* [What you should do]:
A picture-free, exact copy of all the records below is the goal.

[Excerpts from a dataset]
——

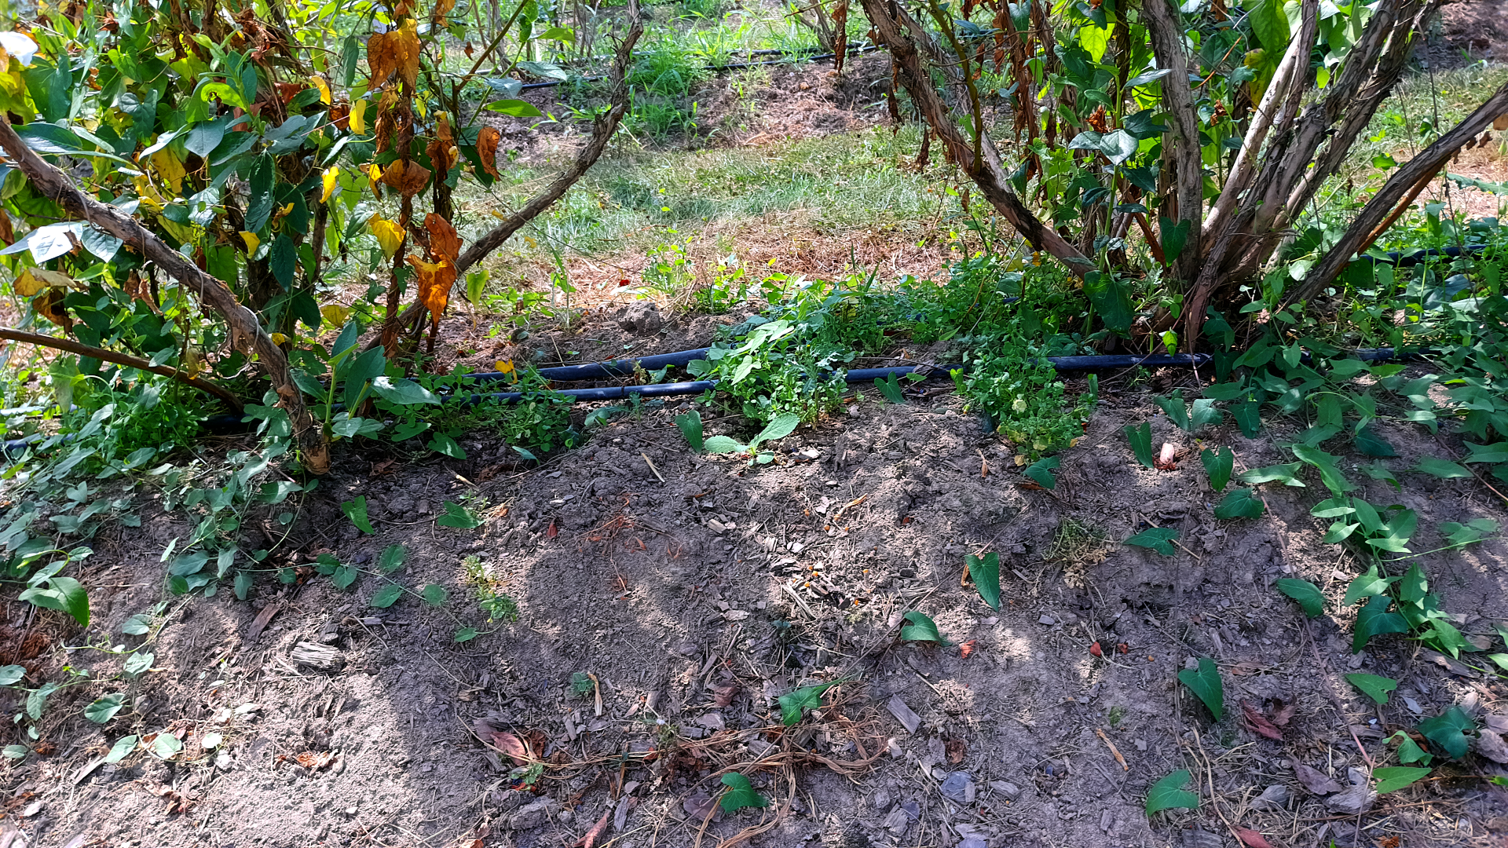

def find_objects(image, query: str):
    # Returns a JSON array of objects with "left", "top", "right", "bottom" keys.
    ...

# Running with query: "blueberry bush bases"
[
  {"left": 964, "top": 145, "right": 1432, "bottom": 437},
  {"left": 51, "top": 233, "right": 511, "bottom": 528}
]

——

* [Task answer]:
def find_objects(image, query: str):
    # Returns a JSON array of objects with "left", "top", "right", "bottom" keys.
    ...

# Running with query: "blueberry bush bases"
[
  {"left": 964, "top": 145, "right": 1432, "bottom": 437},
  {"left": 51, "top": 233, "right": 511, "bottom": 528}
]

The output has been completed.